This week, Sports Illustrated published a feature on Sacramento Kings rookie forward Omri Casspi, the first Israeli player in the NBA (Tablet Magazine profiled him last summer). Fun facts about Casspi abound: per his father’s request, two Israeli flags fly at every Sacramento home game; Casspi wears number 18, for chai. And there’s this: “When NBA commissioner David Stern announced that Sacramento was selecting Casspi, Stern cracked a smile, which Casspi maintains was a little wider than usual. ‘Because he’s Jewish,’ Casspi reasons.”

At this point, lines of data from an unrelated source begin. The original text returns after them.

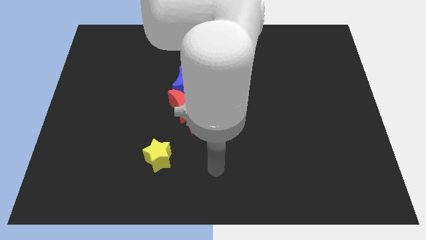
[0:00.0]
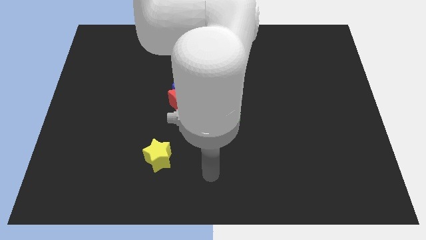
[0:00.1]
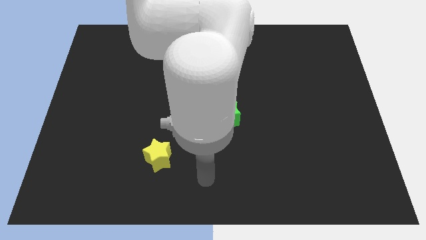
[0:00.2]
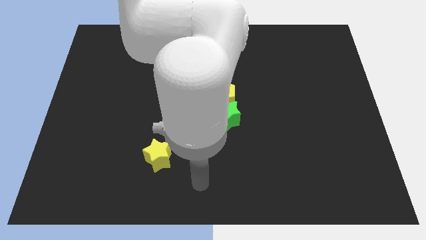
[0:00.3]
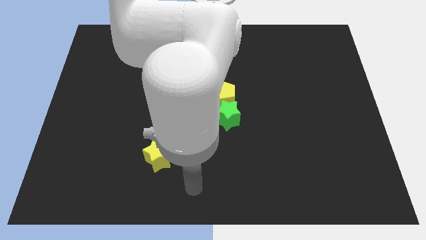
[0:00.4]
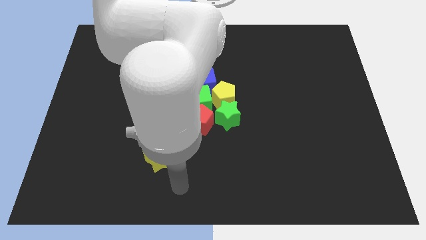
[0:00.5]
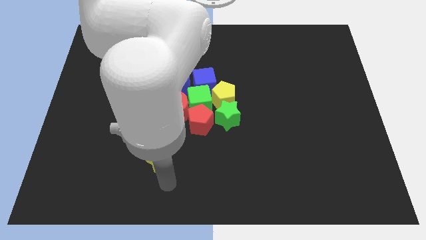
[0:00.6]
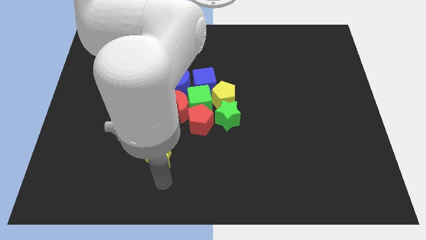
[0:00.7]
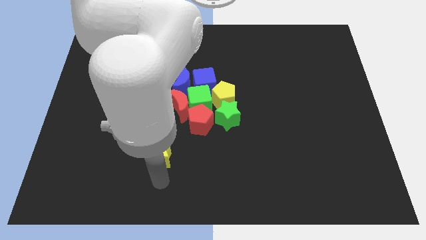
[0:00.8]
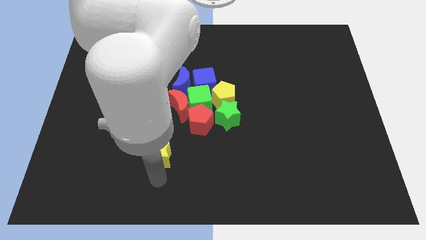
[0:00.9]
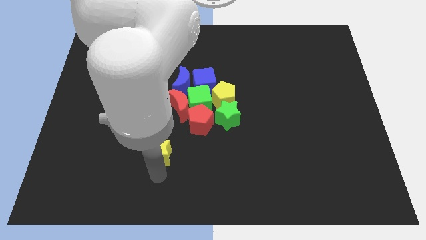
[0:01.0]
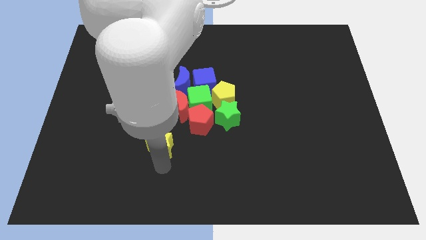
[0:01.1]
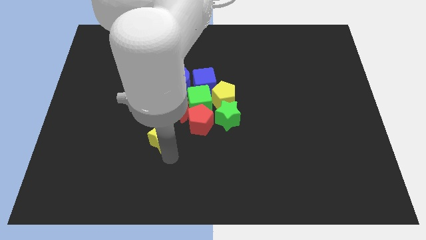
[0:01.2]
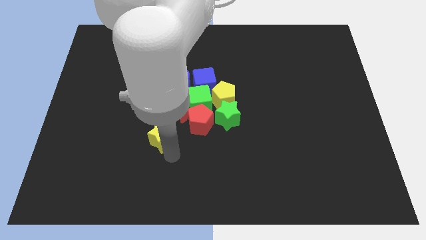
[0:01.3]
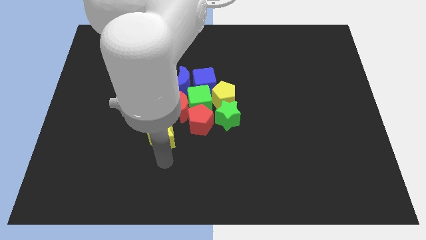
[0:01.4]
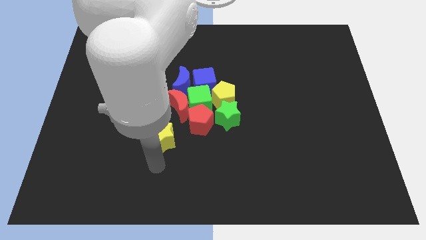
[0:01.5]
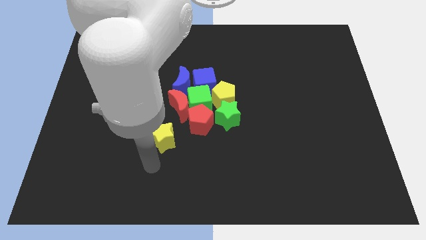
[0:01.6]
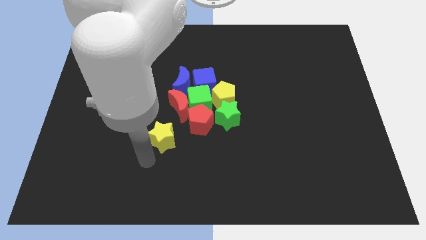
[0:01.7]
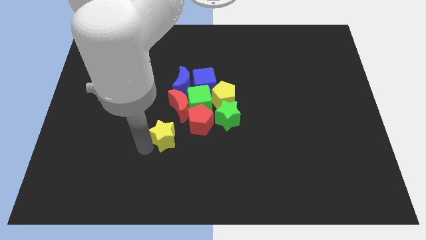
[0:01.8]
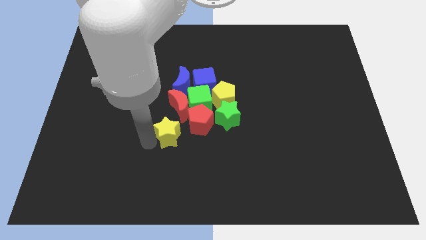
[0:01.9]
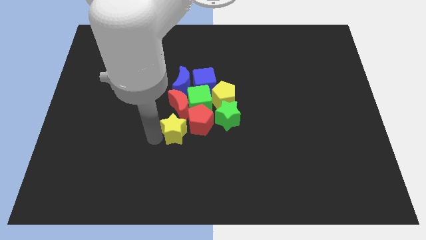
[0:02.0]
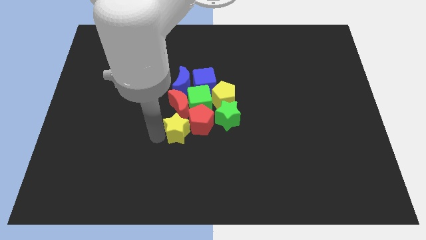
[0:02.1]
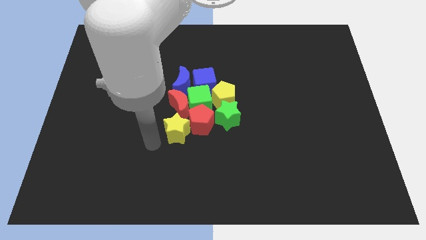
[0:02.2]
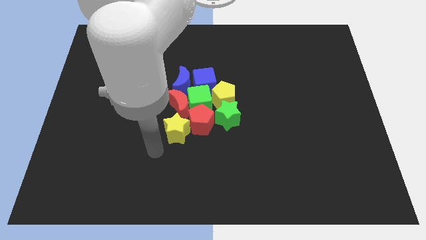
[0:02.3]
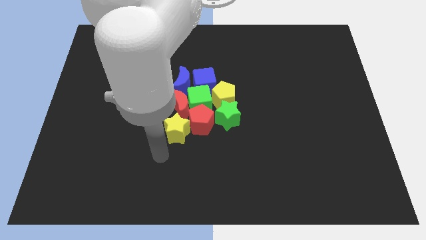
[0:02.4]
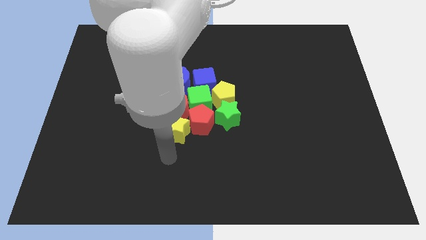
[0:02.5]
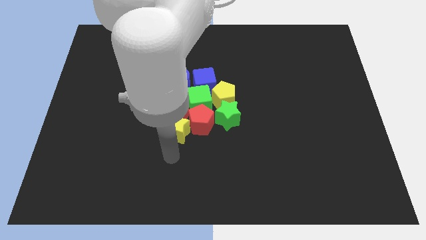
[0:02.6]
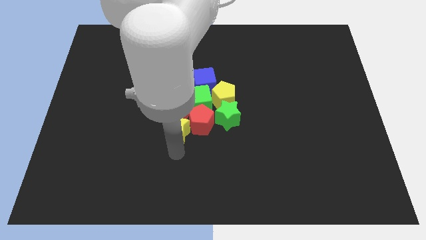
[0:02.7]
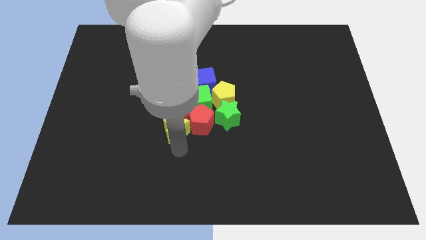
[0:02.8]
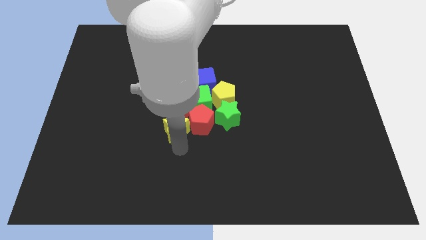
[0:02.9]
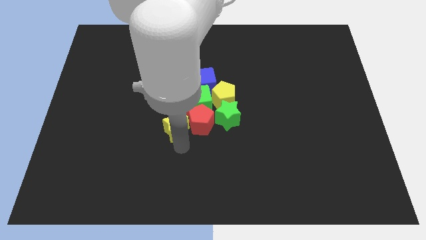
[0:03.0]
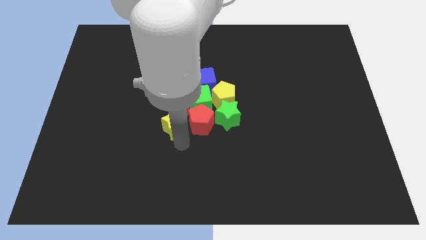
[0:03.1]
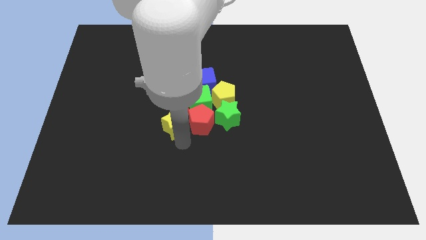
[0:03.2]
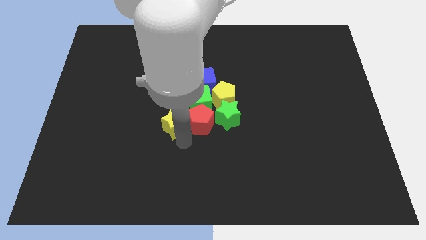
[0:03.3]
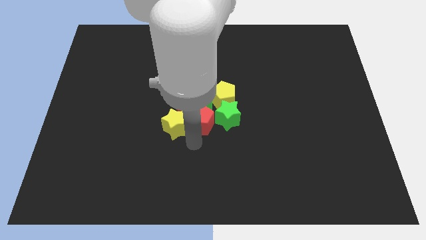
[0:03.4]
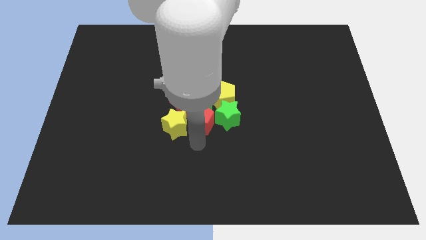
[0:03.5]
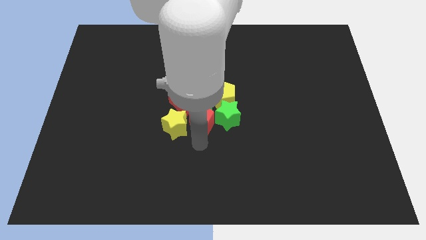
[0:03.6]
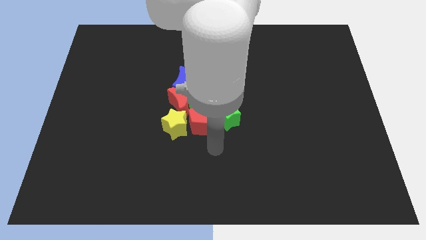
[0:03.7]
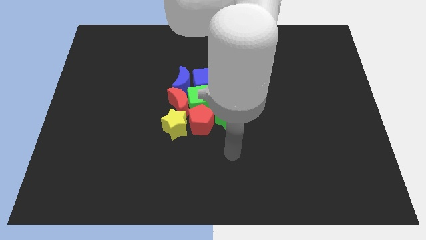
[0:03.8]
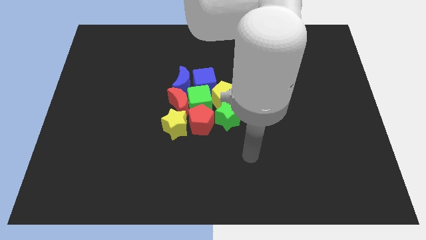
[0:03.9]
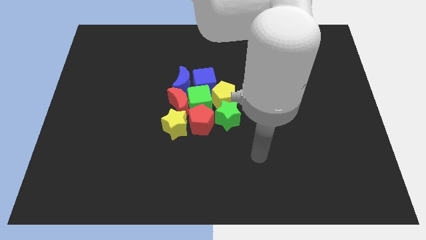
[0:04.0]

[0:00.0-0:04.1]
place yellow star to the bottom of red moon

You also learn about the rich history of Jews in professional basketball. Brooklyn’s Ossie Schectman scored the first-ever basket in the NBA’s precursor league; Dolph Schayes was a 12-time All Star and is in the Basketball Hall of Fame (he also now checks the Kings box score after every game). Meanwhile, Israeli Mickey Berkowitz was likely good enough to play stateside in the late ‘70s, but Maccabi Tel Aviv—which was also Casspi’s squad—would not let him out of his contract.

When this article went to press, Casspi was the Kings’ seventh man (which is fantastic for a rookie). Since then, however, he got his first start. This week may not be the last time Casspi makes SI’s pages.

Welcome, The King of Israel [Sports Illustrated]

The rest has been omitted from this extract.